# How Often Do You Buy New Undies?



## markwalters2 (Mar 18, 2013)

Just want to know how often do you buy new undies, preferably describe what kind of undies (frilly, lacy, see-through etc.).


----------



## Fey (Nov 4, 2014)

Once a you'll never know?


----------



## twitchy666 (Apr 21, 2013)

*I never buy 'em cos they just wear out*

Mum got me some when I was 6

I've got some with 99% holes

Just loose elastic


----------



## typemismatch (May 30, 2012)

I get a pair delivered with my morning paper.


----------



## markwalters2 (Mar 18, 2013)

Fey said:


> Once a you'll never know?


I presume you don't wear any. Trying to imagine that. Hmm.. saucy.



twitchy666 said:


> Mum got me some when I was 6
> 
> I've got some with 99% holes
> 
> Just loose elastic


Sounds about right.

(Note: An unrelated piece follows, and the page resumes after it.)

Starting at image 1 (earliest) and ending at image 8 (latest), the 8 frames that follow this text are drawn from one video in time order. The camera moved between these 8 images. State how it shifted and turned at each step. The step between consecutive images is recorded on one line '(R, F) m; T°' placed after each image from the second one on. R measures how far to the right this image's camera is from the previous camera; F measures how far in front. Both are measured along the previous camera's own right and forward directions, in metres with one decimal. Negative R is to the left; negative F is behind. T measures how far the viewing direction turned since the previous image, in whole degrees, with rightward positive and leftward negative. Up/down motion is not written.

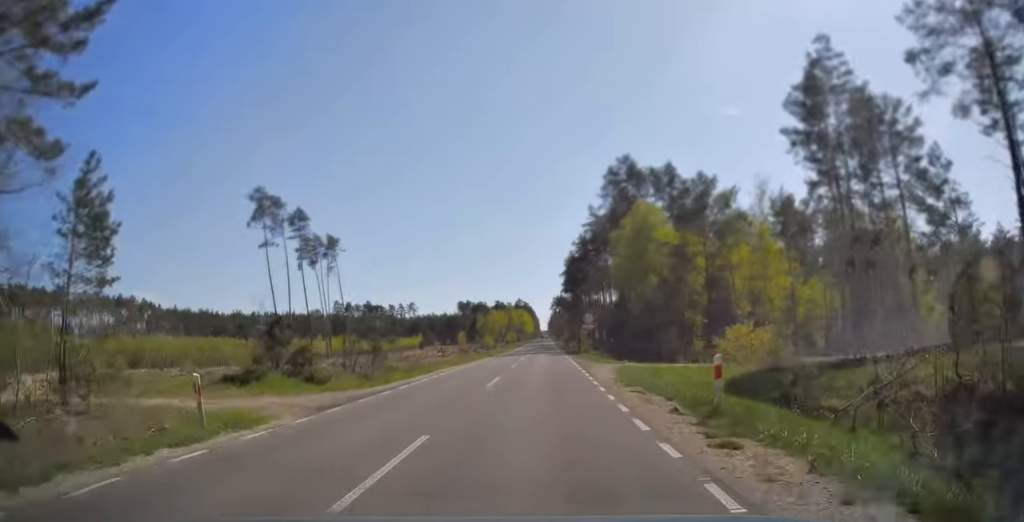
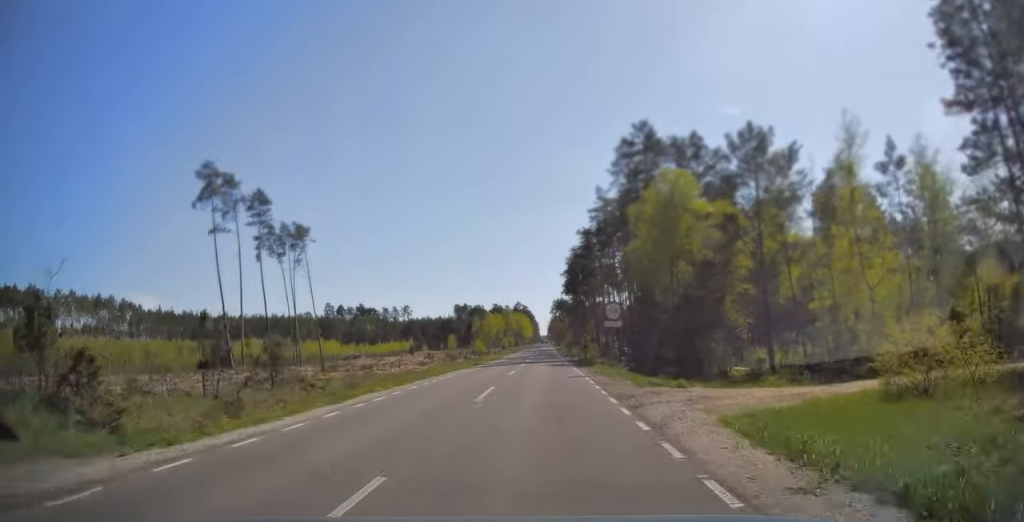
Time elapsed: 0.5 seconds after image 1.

I've a couple of those still in my cupboard too.



typemismatch said:


> I get a pair delivered with my morning paper.


Everyday?


----------



## caelle (Sep 9, 2008)

Maybe once or twice a year. I try to keep them as long as possible since it seems like such a waste to keep throwing them out.

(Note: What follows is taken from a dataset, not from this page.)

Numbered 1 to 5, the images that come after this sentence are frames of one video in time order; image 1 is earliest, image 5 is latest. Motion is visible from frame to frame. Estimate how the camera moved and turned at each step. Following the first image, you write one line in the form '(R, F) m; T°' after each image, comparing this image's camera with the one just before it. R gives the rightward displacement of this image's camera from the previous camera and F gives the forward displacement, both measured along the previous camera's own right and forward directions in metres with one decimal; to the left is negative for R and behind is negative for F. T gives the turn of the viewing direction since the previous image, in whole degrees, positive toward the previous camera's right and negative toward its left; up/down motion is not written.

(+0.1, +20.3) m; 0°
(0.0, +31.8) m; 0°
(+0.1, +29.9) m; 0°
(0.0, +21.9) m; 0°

I get Hanes bikinis or hipsters. I used to get the cute girly/sexy kind, but ef that. They aren't comfortable and I always worry I'll bloody them up, which I have actually done. My lady parts are a bish.


----------



## SD92 (Nov 9, 2013)

Every few months, probably about twice a year. I buy boxers.


----------



## estse (Nov 18, 2003)

Lacy. New pair every day baby.


----------



## farfegnugen (Aug 16, 2010)

Too often. I'm too active and they seem to wear out quickly


----------



## Steve123 (Sep 13, 2009)

I have literally never bought my own underwear before..... omg


----------



## M0rbid (Jan 11, 2011)

I don't wear undies...


----------



## Donkeybutt (May 3, 2013)

Once a year. I just buy some of those packages that have several pairs of underwear, usually the plain kind that might be all one color or they might have a simple pattern. Nobody is going to see them, so I don't see the point in getting anything fancy. They don't wear out that quickly.


----------



## millenniumman75 (Feb 4, 2005)

I said once a month, but it's really maybe two or three times a year.


----------



## blue2 (May 20, 2013)

I get them second hand from the old folks home mmmm comfy they mostly come in yellow and brown :/


----------



## Freiheit (Dec 8, 2008)

Around twice a year.


----------



## WillYouStopDave (Jul 14, 2013)

I buy them when I see them on sale (they cost too much normally). I have like 30 pairs right now because I hate doing laundry and I can change my underwear twice a day if I want and still not have to do them for a long time. I try to always buy the white ones and if I can, exactly the same brand.


----------



## Ignopius (Mar 19, 2013)

Once-twice a year.


----------



## Nekomata (Feb 3, 2012)

Once a year maybe. Perhaps more if I see something I like *got Minions panties the other day*


----------



## AmandaMarie87 (Apr 24, 2013)

Once or twice a year. Usually I stick with basic neutral colours (white, beige and black).


----------